#### [TASK DETAILS]
Could you filter the listing for lines with the word "text" and return them?

⟨

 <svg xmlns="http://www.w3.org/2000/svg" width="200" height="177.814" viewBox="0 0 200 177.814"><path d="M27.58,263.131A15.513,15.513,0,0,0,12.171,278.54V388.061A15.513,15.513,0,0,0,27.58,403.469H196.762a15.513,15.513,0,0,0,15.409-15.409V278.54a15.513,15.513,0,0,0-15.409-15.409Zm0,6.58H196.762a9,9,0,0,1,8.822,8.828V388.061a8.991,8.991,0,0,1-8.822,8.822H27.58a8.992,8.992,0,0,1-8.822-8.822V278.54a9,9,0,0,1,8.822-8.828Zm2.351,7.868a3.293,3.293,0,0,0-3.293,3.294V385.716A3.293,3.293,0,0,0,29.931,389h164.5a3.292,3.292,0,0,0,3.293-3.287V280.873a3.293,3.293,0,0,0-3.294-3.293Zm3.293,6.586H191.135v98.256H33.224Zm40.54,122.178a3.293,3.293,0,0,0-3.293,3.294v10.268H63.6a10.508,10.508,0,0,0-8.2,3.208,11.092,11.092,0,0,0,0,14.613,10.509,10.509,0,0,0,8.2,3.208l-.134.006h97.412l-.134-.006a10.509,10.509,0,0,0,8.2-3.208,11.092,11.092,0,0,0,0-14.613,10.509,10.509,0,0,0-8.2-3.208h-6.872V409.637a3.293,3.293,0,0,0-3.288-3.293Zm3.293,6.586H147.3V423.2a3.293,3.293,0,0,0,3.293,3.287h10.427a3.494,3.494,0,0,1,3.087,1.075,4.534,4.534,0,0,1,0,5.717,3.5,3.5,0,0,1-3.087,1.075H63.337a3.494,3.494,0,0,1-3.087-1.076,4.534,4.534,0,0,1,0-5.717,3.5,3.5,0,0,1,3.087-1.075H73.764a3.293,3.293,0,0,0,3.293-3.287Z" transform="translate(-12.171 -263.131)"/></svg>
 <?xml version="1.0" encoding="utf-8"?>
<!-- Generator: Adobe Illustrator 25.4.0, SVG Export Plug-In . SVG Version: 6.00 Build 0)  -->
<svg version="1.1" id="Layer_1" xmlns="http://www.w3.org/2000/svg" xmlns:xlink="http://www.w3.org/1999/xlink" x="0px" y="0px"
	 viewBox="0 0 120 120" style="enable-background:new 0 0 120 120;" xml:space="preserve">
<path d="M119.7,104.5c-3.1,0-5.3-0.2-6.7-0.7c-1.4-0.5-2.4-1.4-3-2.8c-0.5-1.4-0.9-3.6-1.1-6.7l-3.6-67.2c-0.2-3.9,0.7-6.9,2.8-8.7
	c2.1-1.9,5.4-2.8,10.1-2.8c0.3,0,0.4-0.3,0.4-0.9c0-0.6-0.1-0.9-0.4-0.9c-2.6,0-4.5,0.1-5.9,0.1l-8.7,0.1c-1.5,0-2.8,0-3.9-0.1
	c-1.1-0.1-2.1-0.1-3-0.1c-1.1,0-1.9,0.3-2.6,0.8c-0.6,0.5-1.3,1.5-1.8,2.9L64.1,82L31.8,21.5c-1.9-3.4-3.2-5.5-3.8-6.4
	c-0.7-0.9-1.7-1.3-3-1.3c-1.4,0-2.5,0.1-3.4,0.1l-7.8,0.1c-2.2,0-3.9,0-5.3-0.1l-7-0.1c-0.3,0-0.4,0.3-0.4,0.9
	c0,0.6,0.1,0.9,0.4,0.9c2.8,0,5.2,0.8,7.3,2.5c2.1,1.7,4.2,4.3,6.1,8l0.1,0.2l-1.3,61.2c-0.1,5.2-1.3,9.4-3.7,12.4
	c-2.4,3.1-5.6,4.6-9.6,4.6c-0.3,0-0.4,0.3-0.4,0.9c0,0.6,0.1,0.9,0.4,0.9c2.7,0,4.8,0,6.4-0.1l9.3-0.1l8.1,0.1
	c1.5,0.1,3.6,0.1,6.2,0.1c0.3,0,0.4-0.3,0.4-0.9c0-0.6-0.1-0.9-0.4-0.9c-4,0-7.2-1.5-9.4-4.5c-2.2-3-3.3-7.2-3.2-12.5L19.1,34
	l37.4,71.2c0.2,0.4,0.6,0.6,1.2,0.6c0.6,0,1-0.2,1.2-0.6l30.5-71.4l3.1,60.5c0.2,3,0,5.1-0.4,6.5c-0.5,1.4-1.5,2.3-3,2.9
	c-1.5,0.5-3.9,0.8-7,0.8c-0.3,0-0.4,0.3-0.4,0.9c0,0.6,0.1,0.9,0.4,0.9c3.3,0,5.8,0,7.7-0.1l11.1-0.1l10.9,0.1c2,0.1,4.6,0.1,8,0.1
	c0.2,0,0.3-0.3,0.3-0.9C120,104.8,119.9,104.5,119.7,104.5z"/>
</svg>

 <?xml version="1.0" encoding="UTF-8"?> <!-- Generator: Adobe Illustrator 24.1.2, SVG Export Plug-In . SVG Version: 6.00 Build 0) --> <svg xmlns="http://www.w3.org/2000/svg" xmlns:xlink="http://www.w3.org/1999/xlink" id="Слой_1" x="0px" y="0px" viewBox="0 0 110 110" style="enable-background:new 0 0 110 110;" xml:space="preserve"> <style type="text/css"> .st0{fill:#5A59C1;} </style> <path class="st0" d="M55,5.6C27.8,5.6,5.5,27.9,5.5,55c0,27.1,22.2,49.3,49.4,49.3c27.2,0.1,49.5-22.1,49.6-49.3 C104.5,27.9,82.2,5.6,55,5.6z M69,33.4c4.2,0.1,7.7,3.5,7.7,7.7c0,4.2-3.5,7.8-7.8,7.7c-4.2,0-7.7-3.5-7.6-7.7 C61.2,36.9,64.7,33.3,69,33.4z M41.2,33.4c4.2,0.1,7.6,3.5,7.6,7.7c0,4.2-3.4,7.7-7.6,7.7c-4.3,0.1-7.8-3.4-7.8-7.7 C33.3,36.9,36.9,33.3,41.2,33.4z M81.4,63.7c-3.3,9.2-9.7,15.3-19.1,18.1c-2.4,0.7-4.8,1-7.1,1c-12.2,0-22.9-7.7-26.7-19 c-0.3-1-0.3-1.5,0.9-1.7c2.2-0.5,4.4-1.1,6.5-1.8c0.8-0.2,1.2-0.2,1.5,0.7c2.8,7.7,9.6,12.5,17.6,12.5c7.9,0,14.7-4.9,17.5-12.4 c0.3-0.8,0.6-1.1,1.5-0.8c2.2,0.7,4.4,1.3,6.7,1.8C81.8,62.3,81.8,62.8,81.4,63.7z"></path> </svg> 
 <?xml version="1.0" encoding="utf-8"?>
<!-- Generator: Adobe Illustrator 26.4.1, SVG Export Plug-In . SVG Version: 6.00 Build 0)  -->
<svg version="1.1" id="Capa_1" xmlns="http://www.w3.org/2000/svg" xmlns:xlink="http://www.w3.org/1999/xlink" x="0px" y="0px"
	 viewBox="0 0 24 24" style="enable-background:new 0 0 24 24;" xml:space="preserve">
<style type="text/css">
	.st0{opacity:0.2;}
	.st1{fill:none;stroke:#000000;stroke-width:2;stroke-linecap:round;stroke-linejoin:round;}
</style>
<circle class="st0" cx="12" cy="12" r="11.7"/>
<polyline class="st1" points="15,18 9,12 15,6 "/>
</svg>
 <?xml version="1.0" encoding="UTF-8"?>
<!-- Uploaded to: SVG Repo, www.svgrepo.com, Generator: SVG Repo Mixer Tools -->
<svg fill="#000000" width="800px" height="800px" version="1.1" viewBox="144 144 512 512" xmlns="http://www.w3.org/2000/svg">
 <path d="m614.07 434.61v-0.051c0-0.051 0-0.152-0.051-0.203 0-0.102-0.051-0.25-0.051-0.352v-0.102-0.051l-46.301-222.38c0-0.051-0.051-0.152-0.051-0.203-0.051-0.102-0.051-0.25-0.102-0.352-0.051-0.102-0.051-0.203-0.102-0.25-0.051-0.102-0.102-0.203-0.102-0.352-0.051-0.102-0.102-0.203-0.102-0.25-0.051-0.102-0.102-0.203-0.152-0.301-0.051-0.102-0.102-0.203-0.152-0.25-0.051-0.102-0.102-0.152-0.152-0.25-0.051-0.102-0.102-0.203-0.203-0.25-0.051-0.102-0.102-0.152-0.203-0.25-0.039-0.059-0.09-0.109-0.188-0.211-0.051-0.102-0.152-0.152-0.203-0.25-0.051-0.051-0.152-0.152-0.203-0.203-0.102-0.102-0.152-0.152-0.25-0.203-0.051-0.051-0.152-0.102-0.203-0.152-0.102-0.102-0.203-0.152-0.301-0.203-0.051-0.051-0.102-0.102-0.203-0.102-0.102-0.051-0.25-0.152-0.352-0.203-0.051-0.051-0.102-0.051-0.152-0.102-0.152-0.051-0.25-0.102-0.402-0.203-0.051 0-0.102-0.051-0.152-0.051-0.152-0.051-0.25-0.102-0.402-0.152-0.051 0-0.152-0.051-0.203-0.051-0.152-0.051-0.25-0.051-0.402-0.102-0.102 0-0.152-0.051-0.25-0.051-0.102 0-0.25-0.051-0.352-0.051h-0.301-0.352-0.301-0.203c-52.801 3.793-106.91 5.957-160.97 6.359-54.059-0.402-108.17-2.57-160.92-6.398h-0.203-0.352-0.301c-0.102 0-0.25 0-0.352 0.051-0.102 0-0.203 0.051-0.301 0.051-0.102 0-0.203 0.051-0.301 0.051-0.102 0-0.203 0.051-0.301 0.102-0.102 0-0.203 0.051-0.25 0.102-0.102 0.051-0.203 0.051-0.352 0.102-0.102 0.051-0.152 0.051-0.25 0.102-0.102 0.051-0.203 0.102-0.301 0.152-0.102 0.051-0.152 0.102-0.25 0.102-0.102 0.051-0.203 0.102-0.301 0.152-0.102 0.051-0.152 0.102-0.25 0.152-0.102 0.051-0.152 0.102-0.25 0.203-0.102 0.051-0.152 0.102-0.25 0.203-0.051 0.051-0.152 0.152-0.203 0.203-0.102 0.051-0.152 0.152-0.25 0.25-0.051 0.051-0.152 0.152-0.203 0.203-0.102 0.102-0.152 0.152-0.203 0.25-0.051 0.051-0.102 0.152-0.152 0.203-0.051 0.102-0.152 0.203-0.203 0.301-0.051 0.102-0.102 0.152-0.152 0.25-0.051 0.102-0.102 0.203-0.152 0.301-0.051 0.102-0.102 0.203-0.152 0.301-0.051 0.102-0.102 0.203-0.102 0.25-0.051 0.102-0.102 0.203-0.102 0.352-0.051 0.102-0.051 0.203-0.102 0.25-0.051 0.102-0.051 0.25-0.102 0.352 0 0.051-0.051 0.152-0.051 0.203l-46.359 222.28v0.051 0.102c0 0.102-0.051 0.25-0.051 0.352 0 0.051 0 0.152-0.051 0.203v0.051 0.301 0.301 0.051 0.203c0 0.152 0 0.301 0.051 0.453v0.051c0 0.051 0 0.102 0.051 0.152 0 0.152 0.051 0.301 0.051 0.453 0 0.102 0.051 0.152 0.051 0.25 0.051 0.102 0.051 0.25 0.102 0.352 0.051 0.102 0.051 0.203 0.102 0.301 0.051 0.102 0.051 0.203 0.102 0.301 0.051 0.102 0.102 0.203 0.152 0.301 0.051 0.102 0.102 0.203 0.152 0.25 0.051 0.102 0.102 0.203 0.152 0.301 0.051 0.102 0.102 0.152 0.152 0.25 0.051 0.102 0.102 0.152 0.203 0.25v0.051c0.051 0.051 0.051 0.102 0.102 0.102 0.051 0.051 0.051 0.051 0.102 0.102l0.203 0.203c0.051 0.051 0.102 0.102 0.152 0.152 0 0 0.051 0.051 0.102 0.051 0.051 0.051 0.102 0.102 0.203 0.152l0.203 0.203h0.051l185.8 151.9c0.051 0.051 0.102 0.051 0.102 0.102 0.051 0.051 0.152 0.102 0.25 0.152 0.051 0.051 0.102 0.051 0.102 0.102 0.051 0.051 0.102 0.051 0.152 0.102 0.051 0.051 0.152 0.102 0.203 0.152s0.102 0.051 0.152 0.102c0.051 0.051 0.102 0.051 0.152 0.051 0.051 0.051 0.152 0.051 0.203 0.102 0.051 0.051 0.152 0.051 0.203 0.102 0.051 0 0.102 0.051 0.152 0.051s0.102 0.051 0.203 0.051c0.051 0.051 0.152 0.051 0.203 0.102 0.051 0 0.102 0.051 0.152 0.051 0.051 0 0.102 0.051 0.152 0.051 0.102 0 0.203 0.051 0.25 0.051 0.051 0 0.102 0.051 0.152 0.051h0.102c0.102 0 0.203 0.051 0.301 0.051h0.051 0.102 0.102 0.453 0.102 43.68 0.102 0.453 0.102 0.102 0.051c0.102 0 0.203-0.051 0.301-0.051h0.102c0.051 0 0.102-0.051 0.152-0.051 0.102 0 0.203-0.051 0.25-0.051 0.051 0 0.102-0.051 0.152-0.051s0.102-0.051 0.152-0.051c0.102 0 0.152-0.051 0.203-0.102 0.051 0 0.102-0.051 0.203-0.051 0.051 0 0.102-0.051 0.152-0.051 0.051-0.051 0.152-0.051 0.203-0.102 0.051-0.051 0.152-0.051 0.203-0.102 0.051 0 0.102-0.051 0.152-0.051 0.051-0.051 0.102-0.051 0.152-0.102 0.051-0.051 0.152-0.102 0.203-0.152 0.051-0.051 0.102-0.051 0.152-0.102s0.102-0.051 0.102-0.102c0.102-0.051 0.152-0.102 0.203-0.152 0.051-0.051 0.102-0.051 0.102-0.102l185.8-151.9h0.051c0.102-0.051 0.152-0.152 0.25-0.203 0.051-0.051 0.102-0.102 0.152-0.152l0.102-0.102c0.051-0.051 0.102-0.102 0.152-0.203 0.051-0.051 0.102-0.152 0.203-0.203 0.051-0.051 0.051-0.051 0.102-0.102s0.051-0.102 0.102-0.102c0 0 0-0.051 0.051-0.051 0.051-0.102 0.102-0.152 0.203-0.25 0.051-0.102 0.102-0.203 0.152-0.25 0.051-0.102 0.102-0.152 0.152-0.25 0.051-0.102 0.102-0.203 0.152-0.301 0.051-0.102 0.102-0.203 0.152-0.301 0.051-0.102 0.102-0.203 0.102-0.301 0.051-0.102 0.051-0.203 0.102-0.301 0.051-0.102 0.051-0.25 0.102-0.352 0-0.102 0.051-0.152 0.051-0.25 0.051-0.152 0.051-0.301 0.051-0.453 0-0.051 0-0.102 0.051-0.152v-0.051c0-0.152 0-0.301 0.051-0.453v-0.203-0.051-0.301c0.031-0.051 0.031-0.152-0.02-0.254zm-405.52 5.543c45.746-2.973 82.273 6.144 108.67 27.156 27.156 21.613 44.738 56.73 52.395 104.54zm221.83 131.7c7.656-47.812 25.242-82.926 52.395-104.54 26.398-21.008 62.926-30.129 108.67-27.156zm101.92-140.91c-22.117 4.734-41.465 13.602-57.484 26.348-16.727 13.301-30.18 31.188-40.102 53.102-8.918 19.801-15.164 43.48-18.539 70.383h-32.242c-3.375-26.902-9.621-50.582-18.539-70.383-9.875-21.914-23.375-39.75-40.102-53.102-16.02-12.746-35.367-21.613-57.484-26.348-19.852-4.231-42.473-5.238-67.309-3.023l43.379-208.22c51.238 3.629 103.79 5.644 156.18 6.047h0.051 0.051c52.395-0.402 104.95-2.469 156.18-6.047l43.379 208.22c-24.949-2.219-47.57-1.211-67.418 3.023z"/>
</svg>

⟩

#### [PROBLEM SOLUTION]
 <?xml version="1.0" encoding="UTF-8"?> <!-- Generator: Adobe Illustrator 24.1.2, SVG Export Plug-In . SVG Version: 6.00 Build 0) --> <svg xmlns="http://www.w3.org/2000/svg" xmlns:xlink="http://www.w3.org/1999/xlink" id="Слой_1" x="0px" y="0px" viewBox="0 0 110 110" style="enable-background:new 0 0 110 110;" xml:space="preserve"> <style type="text/css"> .st0{fill:#5A59C1;} </style> <path class="st0" d="M55,5.6C27.8,5.6,5.5,27.9,5.5,55c0,27.1,22.2,49.3,49.4,49.3c27.2,0.1,49.5-22.1,49.6-49.3 C104.5,27.9,82.2,5.6,55,5.6z M69,33.4c4.2,0.1,7.7,3.5,7.7,7.7c0,4.2-3.5,7.8-7.8,7.7c-4.2,0-7.7-3.5-7.6-7.7 C61.2,36.9,64.7,33.3,69,33.4z M41.2,33.4c4.2,0.1,7.6,3.5,7.6,7.7c0,4.2-3.4,7.7-7.6,7.7c-4.3,0.1-7.8-3.4-7.8-7.7 C33.3,36.9,36.9,33.3,41.2,33.4z M81.4,63.7c-3.3,9.2-9.7,15.3-19.1,18.1c-2.4,0.7-4.8,1-7.1,1c-12.2,0-22.9-7.7-26.7-19 c-0.3-1-0.3-1.5,0.9-1.7c2.2-0.5,4.4-1.1,6.5-1.8c0.8-0.2,1.2-0.2,1.5,0.7c2.8,7.7,9.6,12.5,17.6,12.5c7.9,0,14.7-4.9,17.5-12.4 c0.3-0.8,0.6-1.1,1.5-0.8c2.2,0.7,4.4,1.3,6.7,1.8C81.8,62.3,81.8,62.8,81.4,63.7z"></path> </svg> 
<style type="text/css">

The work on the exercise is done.